I was reading a little just now about Bell's Theorem on Wiki and soon became confused and cross eyed. According to Wiki, Bell's theorem is essentially:
So I Googled "local hidden variables" but am still not sure what the term means. Does "local hidden variable" mean some sort of particle or mechanism that is as yet unknown?
Yeah, it tends to have that effect.
"Local hidden variables" are a hypothetical mechanism for avoiding faster than light transmission of information. They are a means to avoiding a flaw in "objective reality."
Take a particle. We assign various properties to particles. It has a location. It has a momentum (possibly zero). It is spinning in some fashion (possibly including not). It has a charge (which may be zero). We devise experiments to measure these properties. However, there is no process of measurement that does not affect the particle. If we measure its location, and then measure its momentum, we do not know if the result of our measurement of momentum is the same as it would have been had we not measured the location first, because our measuring of location has affected the particle. So in assigning all these properties to particles, we in affect are acknowledging that we can really only measure one of them, which calls into question whether the properties we are not measuring objectively exist, or if they are just potentially existing until they are actually measured.

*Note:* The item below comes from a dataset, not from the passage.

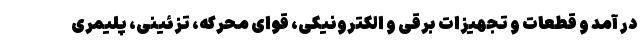
در آمد و قطعات و تجهیزات برقی و الکترونیکی، قوای محرکه، تزئینی، پلیمری
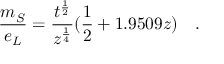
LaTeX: \frac { m _ { S } } { e _ { L } } = \frac { t ^ { \frac { 1 } { 2 } } } { z ^ { \frac { 1 } { 4 } } } ( \frac { 1 } { 2 } + 1 . 9 5 0 9 z ) \quad .

So, we conduct experiments, and we find that unless we measure these properties they in fact do not exist. Our "particle" exhibits ALL of the possible values for the properties expressed as probabilities, until we actually measure it and "collapse" all the probabilities into a "reality"...at which point the particle begins exhibiting all the possible values for other properties expressed as probabilities...and we are still stuck with the fact that when we measure one property it affects the others so our particle can have, at most, ONE "experimentally real" property at a time.
BUT...the properties themselves ARE real, even when we aren't measuring them...right? There is an objective reality to things...right??? Please?

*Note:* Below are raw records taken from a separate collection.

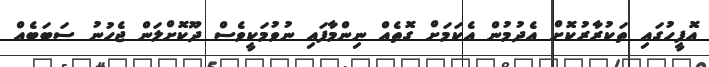
އޮފީހުގައި ތަކުރާރުކޮށް އެދުމުން އެކަމަށް ގޮތެއް ނިންމާފައި ނުވުމަކީވެސް ދޫކޮށްލަން ޖެހުނު ސަބަބެއް
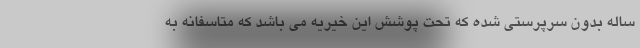
ساله بدون سرپرستی شده که تحت پوشش این خیریه می باشد که متاسفانه به
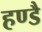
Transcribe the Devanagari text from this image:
हण्डै
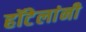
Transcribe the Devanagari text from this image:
हॉटेलांनी
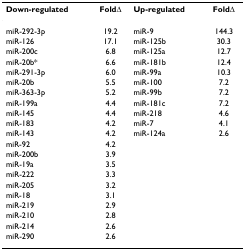
| Down-regulated | FoldΔ | Up-regulated | FoldΔ |
 | --- | --- | --- | --- |
 | miR-292-3p | 19.2 | miR-9 | 144.3 |
 | miR-126 | 17.1 | miR-125b | 30.3 |
 | miR-200c | 6.8 | miR-125a | 12.7 |
 | miR-20b* | 6.6 | miR-181b | 12.4 |
 | miR-291-3p | 6.0 | miR-99a | 10.3 |
 | miR-20b | 5.5 | miR-100 | 7.2 |
 | miR-363-3p | 5.2 | miR-99b | 7.2 |
 | miR-199a | 4.4 | miR-181c | 7.2 |
 | miR-145 | 4.4 | miR-218 | 4.6 |
 | miR-183 | 4.2 | miR-7 | 4.1 |
 | miR-143 | 4.2 | miR-124a | 2.6 |
 | miR-92 | 4.2 |  |  |
 | miR-200b | 3.9 |  |  |
 | miR-19a | 3.5 |  |  |
 | miR-222 | 3.3 |  |  |
 | miR-205 | 3.2 |  |  |
 | miR-18 | 3.1 |  |  |
 | miR-219 | 2.9 |  |  |
 | miR-210 | 2.8 |  |  |
 | miR-214 | 2.6 |  |  |
 | miR-290 | 2.6 |  |  |
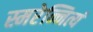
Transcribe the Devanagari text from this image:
स्मरेन्नित्यं
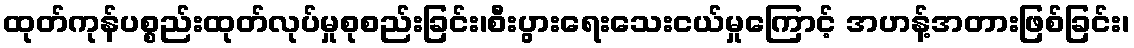
ထုတ်ကုန်ပစ္စည်းထုတ်လုပ်မှုစုစည်းခြင်း၊စီးပွားရေးသေးငယ်မှုကြောင့် အဟန့်အတားဖြစ်ခြင်း၊
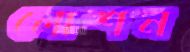
লোশন
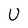
Character: U

So, an experiment is called for. The subject of the experiment is
pairs of particles. There are processes that create particles that are in fact identical in at least one characteristic. If we measure ONE of the particles we then KNOW that the other particle will have that value for that property
and we have not done any disturbing measurement of it.
So, now we can predict how this particle will act, and there are experiments that have demonstrated that these predictions are valid. But until we measured one, both particles behaved as if they had all possible values expressed as probabilities. We measured ONE so it "collapsed" to a single reality, but what actually changed the behavior of the other particle?

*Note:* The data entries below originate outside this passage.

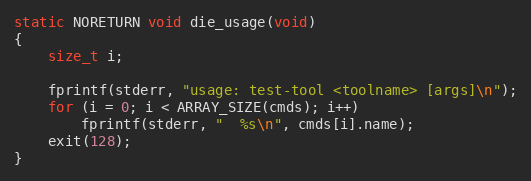
Language: C
static NORETURN void die_usage(void)
{
	size_t i;

	fprintf(stderr, "usage: test-tool <toolname> [args]\n");
	for (i = 0; i < ARRAY_SIZE(cmds); i++)
		fprintf(stderr, "  %s\n", cmds[i].name);
	exit(128);
}
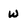
Character: w
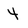
Character: 4
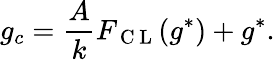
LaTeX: g_{c}=\frac{A}{k}F_{\mathrm{~C~L~}}(g^{*})+g^{*}.
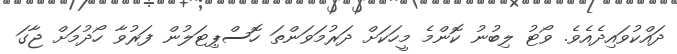
ދައްކުވައިދެއެވެ. ވޯޓު ލިބުނު ކޮންމެ މީހަކަށް ދަރުމަވަންތަ ހޮސްޕިޓަލުން ފަރުވާ ހޯދުމަށް ޖާގަ
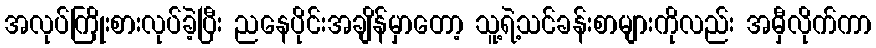
အလုပ်ကြိုးစားလုပ်ခဲ့ပြီး ညနေပိုင်းအချိန်မှာတော့ သူ့ရဲ့သင်ခန်းစာများကိုလည်း အမှီလိုက်ကာ
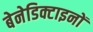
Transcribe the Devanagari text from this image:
बेनेडिक्टाइनों
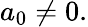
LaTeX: a_{0}\neq 0.
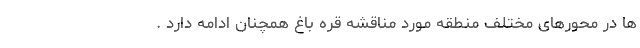
ها در محورهای مختلف منطقه مورد مناقشه قره باغ همچنان ادامه دارد .
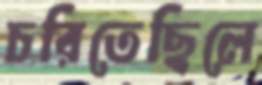
চরিতেছিলে
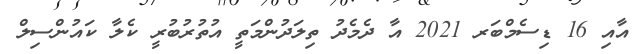
އާއި 16 ޑިސެމްބަރ 2021 އާ ދެމެދު ތިލަދުންމަތީ އުތުރުބުރީ ކެލާ ކައުންސިލް
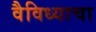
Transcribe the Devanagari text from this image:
वैविध्याचा
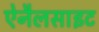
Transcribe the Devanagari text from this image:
ऐनैलसाइट
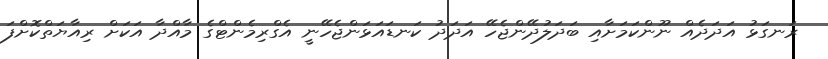
ރަނގަޅު އަދަދެއް ނޫންކަމަށާއި ބަދަލުދޭންޖެހޭ އަދަދު ކަނޑައަޅަންޖެހޭނީ އެގްރިމެންޓްގެ މާއްދާ އަކަަށް ރިއާޔަތްކޮށްފަ
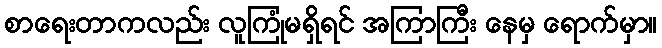
စာရေးတာကလည်း လူကြုံမရှိရင် အကြာကြီး နေမှ ရောက်မှာ။
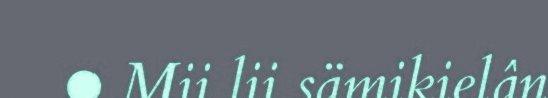
● Mii lii sämikielân

One explanation is that some sort of "entanglement" between the two particles exists such that despite the distance between them what happens to one will affect the other. Unfortunately, for this to work (based on experiments that examine both particles simultaneously) this "entanglement" somehow conveys information between the particles instantaneously regardless of distance (uh oh, faster than the speed of light

).
In order to protect the speed of light, we introduce the "hidden variable". There is
some unobserved characteristic in the pair of particles that controls how each of them will react. Since it is the same in both they react the same, without entanglement. We call this "plan." Particles that interact with each other, even if that interaction is not their simultaneous creation, affect each other. When we measure this one, it tells us something about the other one. For this "plan" to work as a way to avoid "entanglement" with the attendant failure of the speed of light being inviolate there has to be, in EVERY particle, an aspect of
plan to cover every eventuality of every interaction it has ever had with ANY particle. All of this plan must be contained in local hidden variables in the particle.
Bell basically demonstrated that there is a limit on how much plan there can be, and it is insufficient to account for experimentally verified entanglement.
If you are cross eyed at this point, I apparently did not do any better than Wiki. If you are a physicist and you are furious about my gross oversimplifications, feel free to clarify.